■ **Try it**
This calls for a word-for-word copy of all the data, with each picture removed.

[Records from a collection]
[Start of section]

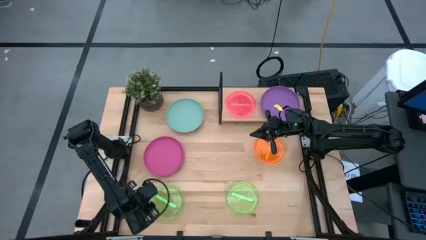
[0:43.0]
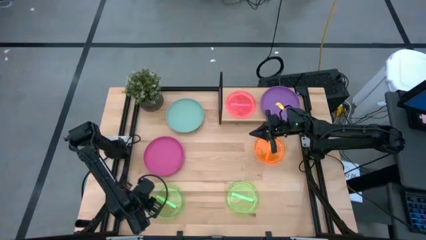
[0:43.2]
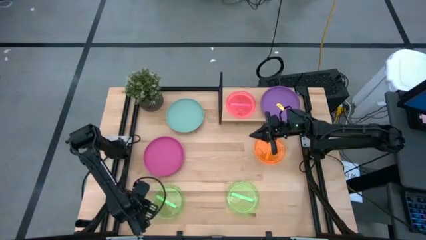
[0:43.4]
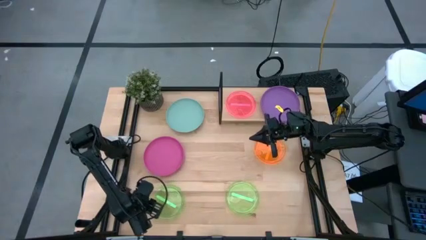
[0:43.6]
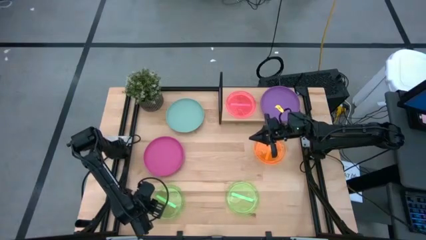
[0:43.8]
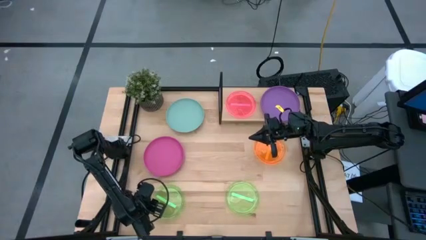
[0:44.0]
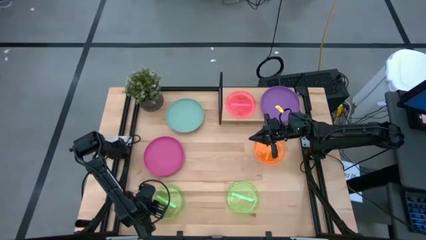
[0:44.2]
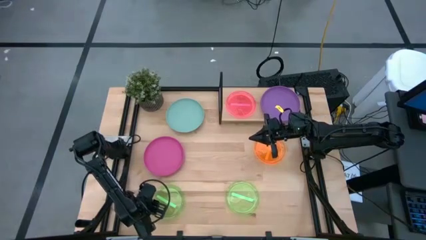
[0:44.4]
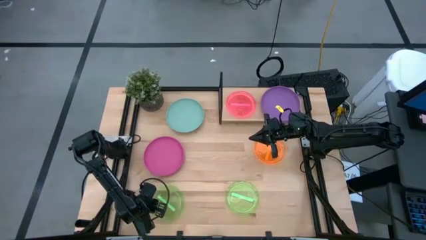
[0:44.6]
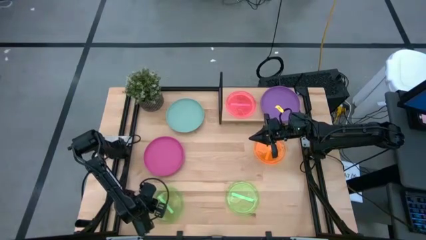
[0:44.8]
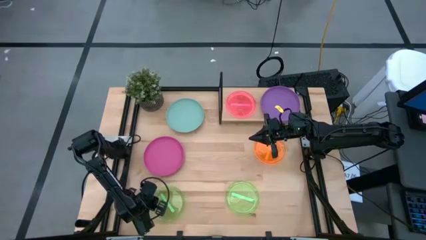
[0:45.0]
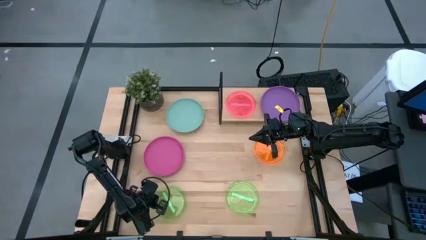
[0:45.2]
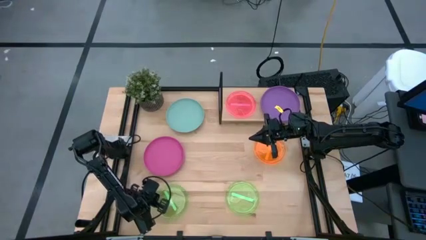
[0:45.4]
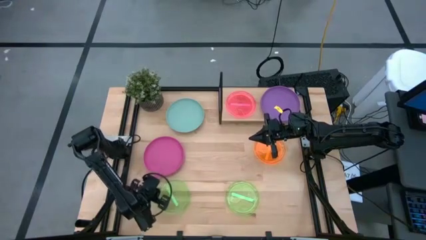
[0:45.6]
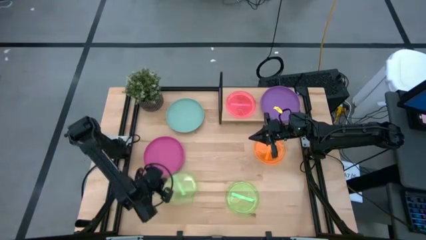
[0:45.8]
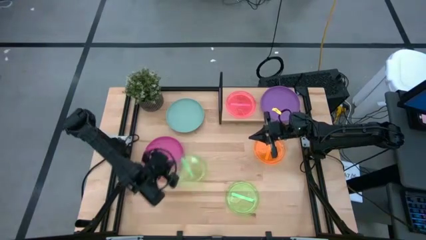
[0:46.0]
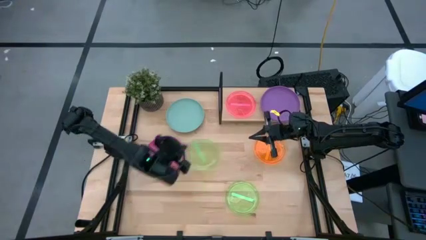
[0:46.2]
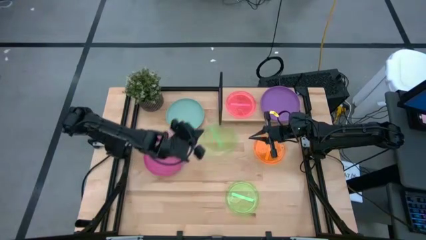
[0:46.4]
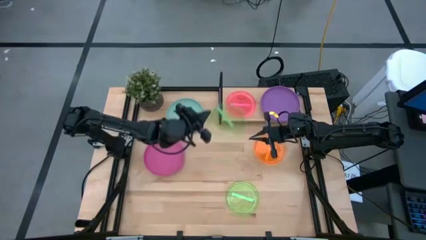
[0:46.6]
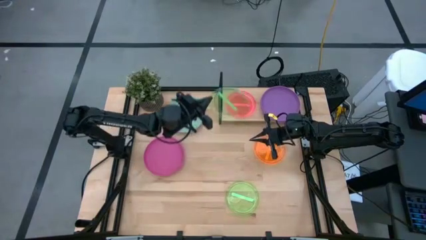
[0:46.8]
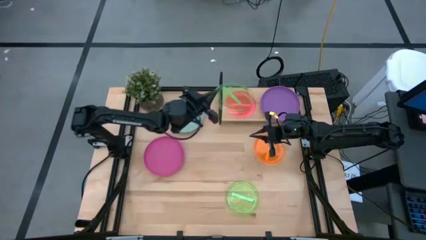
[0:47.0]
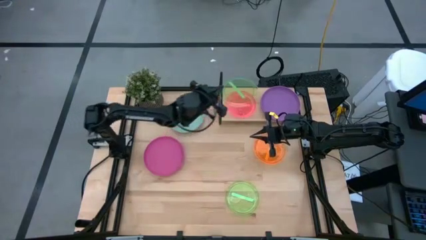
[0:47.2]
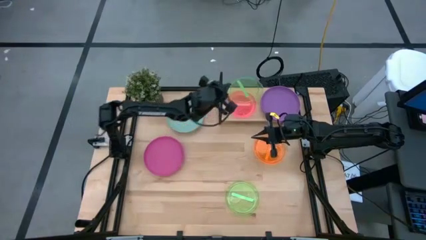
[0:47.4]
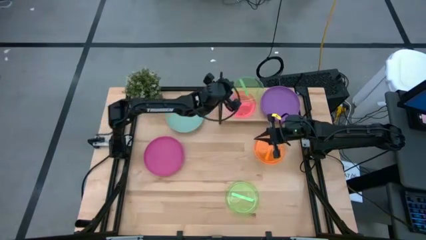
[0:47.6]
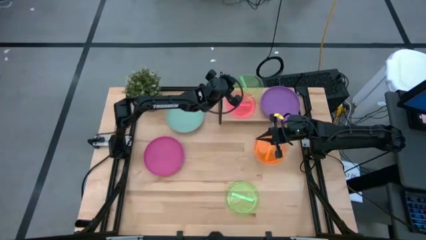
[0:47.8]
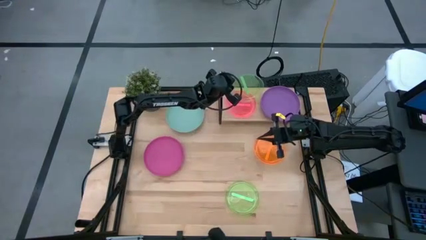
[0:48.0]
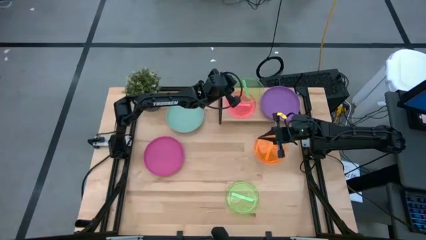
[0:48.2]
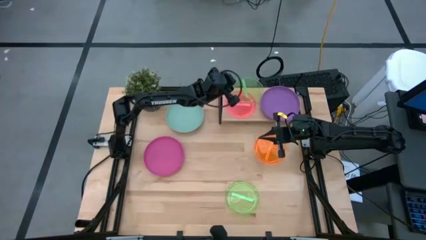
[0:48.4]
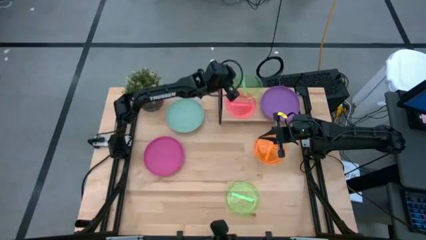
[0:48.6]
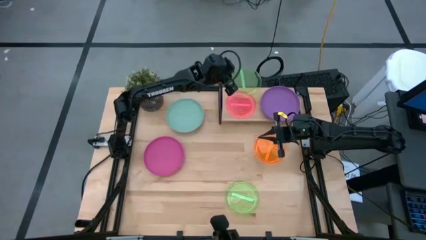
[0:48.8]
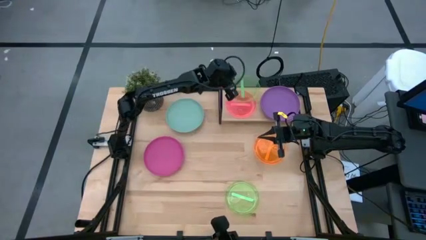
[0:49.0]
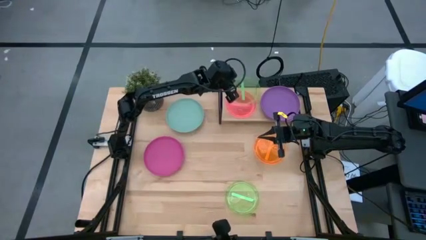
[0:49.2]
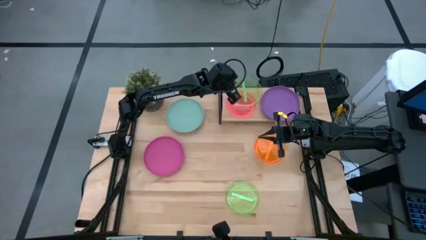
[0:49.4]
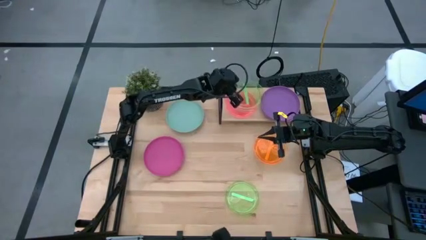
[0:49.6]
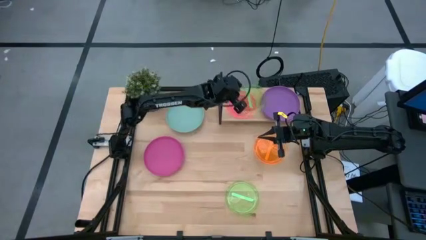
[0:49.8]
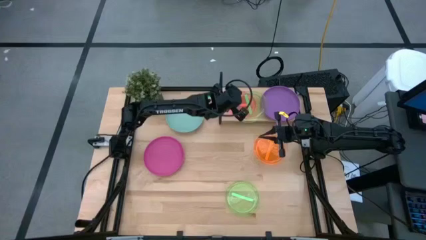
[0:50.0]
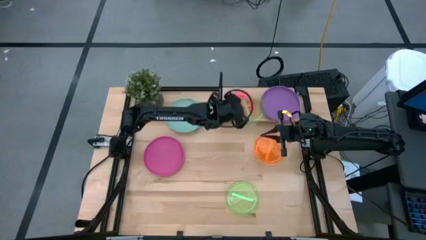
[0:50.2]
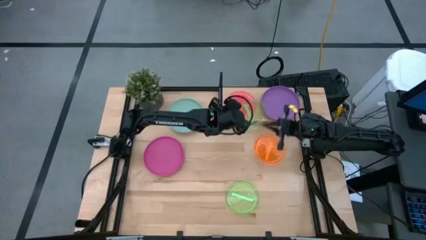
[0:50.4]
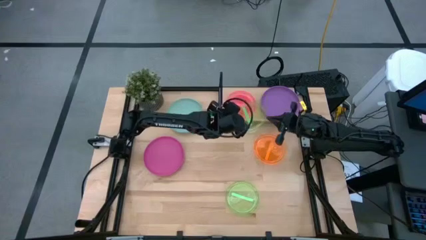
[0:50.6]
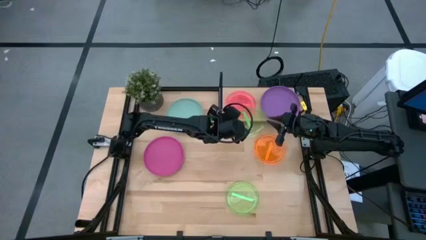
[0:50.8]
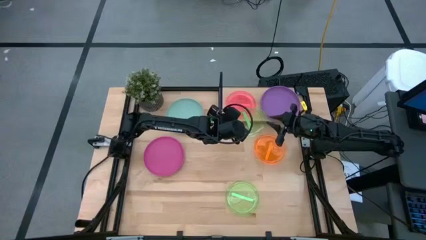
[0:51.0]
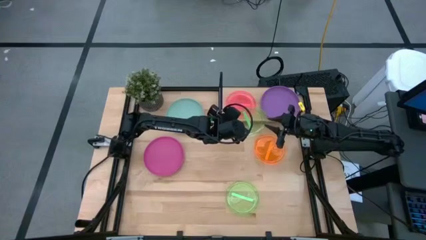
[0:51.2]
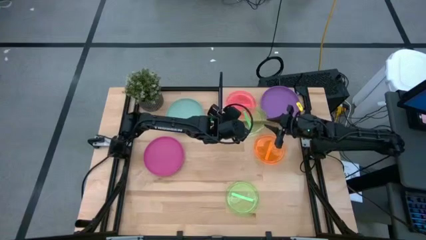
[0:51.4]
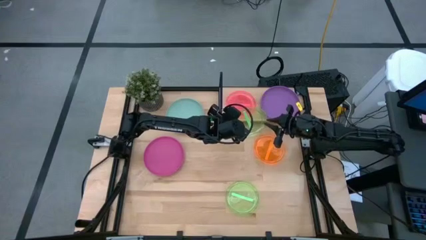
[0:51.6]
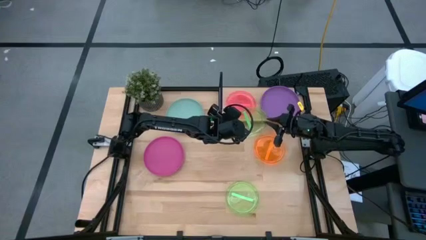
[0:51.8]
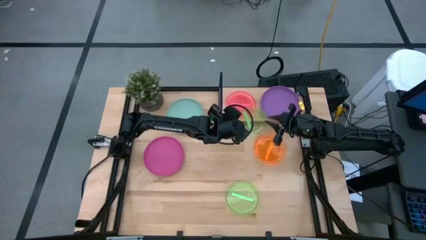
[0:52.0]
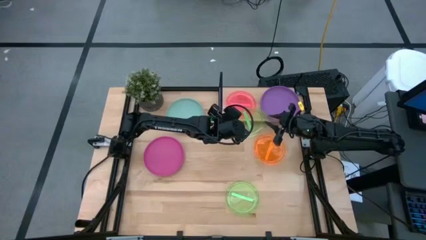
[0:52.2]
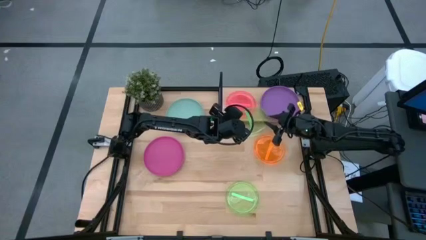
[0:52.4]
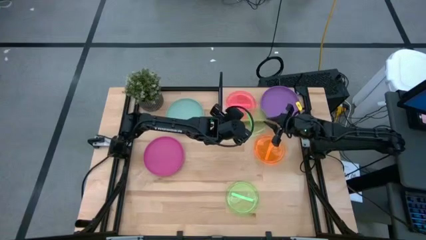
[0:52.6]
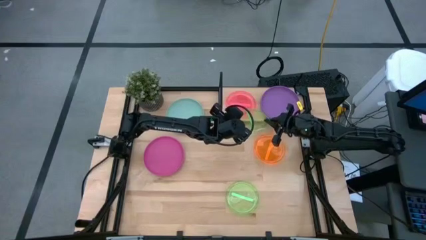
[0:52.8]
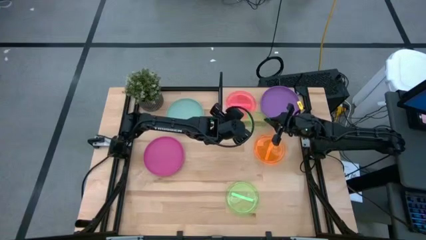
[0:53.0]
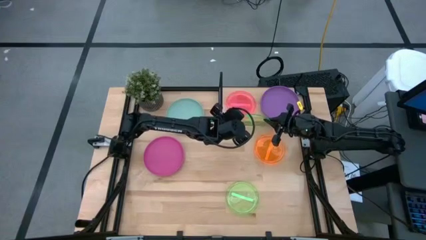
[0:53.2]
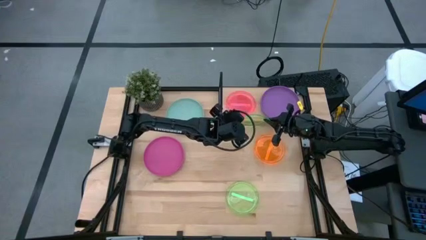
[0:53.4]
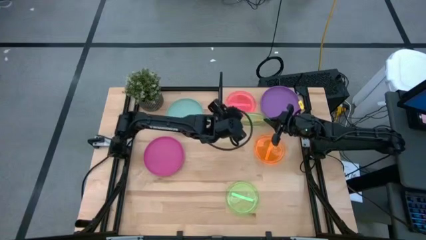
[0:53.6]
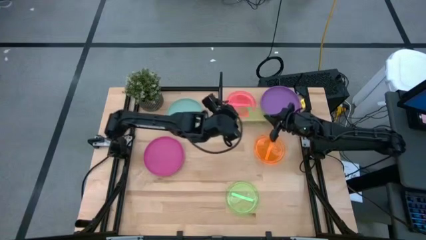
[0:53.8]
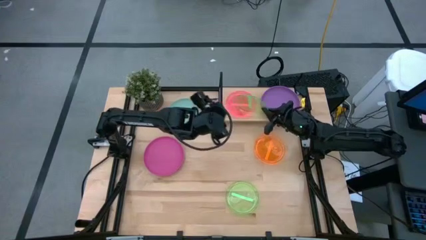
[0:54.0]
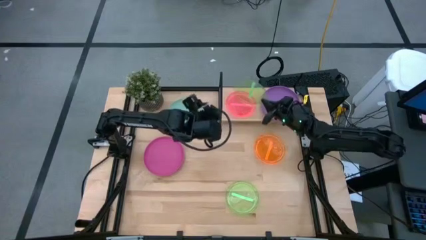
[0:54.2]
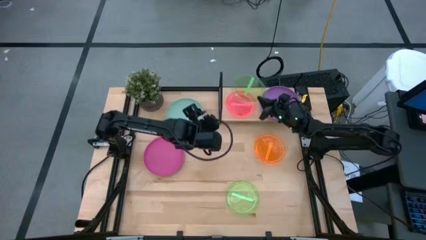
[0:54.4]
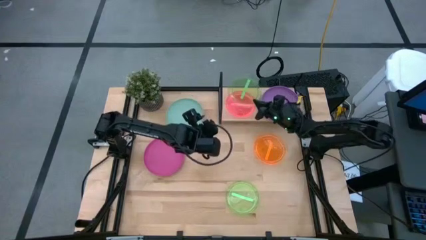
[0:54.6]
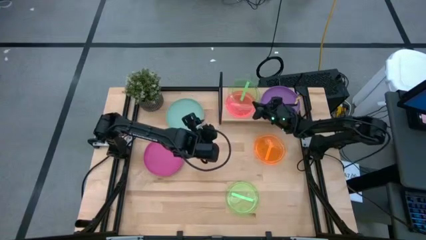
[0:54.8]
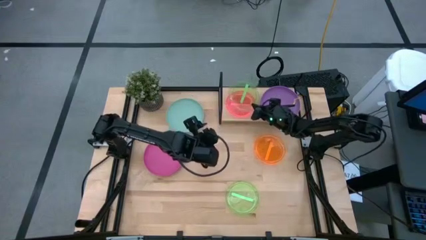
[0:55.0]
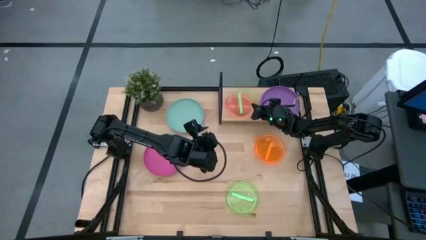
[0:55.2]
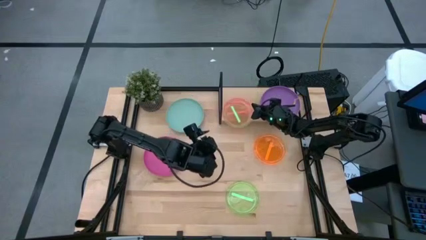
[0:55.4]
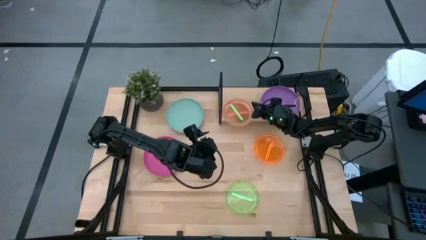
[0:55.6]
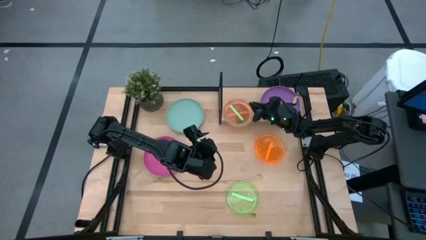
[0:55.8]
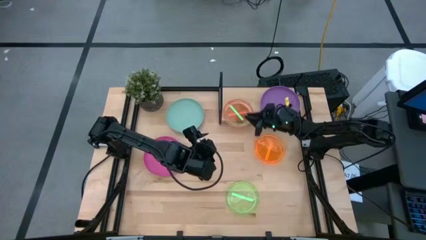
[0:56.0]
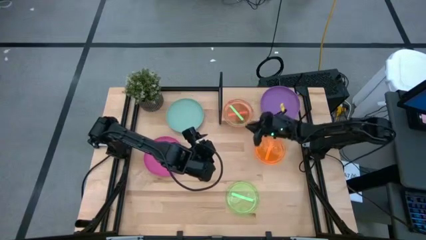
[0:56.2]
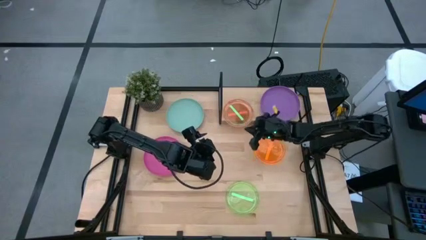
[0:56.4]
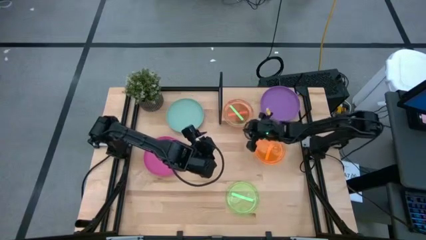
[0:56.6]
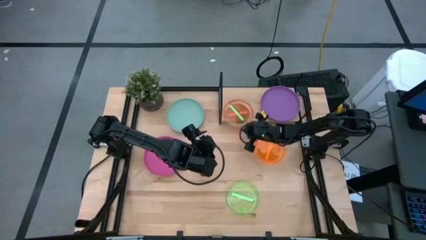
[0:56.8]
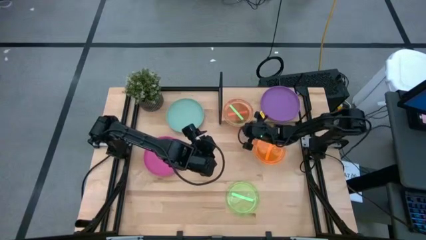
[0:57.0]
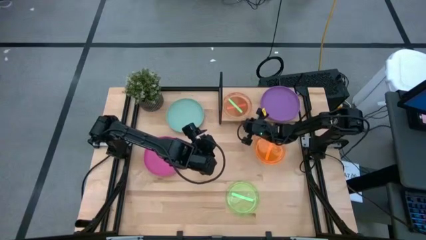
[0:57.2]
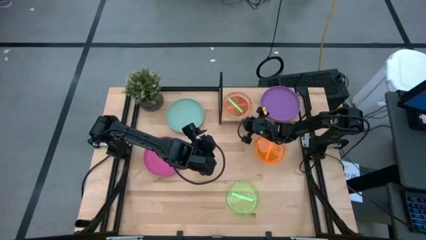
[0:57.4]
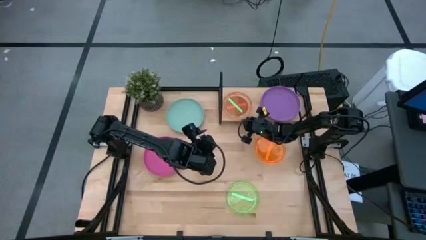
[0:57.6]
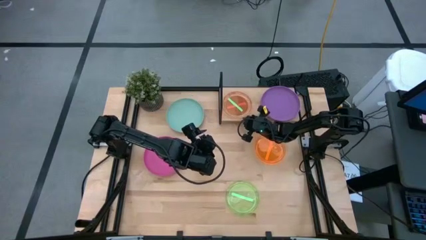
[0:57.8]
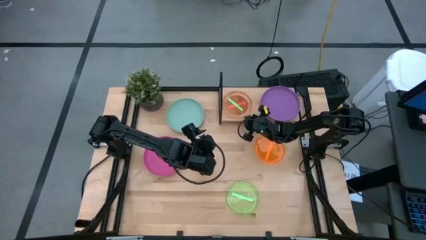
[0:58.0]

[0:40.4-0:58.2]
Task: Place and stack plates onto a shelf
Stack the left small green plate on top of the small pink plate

[End of section]

■ **Response to this task**
[0:43.0]
[0:43.2]
[0:43.4]
[0:43.6]
[0:43.8]
[0:44.0]
[0:44.2]
[0:44.4]
[0:44.6]
[0:44.8]
[0:45.0]
[0:45.2]
[0:45.4]
[0:45.6]
[0:45.8]
[0:46.0]
[0:46.2]
[0:46.4]
[0:46.6]
[0:46.8]
[0:47.0]
[0:47.2]
[0:47.4]
[0:47.6]
[0:47.8]
[0:48.0]
[0:48.2]
[0:48.4]
[0:48.6]
[0:48.8]
[0:49.0]
[0:49.2]
[0:49.4]
[0:49.6]
[0:49.8]
[0:50.0]
[0:50.2]
[0:50.4]
[0:50.6]
[0:50.8]
[0:51.0]
[0:51.2]
[0:51.4]
[0:51.6]
[0:51.8]
[0:52.0]
[0:52.2]
[0:52.4]
[0:52.6]
[0:52.8]
[0:53.0]
[0:53.2]
[0:53.4]
[0:53.6]
[0:53.8]
[0:54.0]
[0:54.2]
[0:54.4]
[0:54.6]
[0:54.8]
[0:55.0]
[0:55.2]
[0:55.4]
[0:55.6]
[0:55.8]
[0:56.0]
[0:56.2]
[0:56.4]
[0:56.6]
[0:56.8]
[0:57.0]
[0:57.2]
[0:57.4]
[0:57.6]
[0:57.8]
[0:58.0]

[0:40.4-0:58.2]
Task: Place and stack plates onto a shelf
Stack the left small green plate on top of the small pink plate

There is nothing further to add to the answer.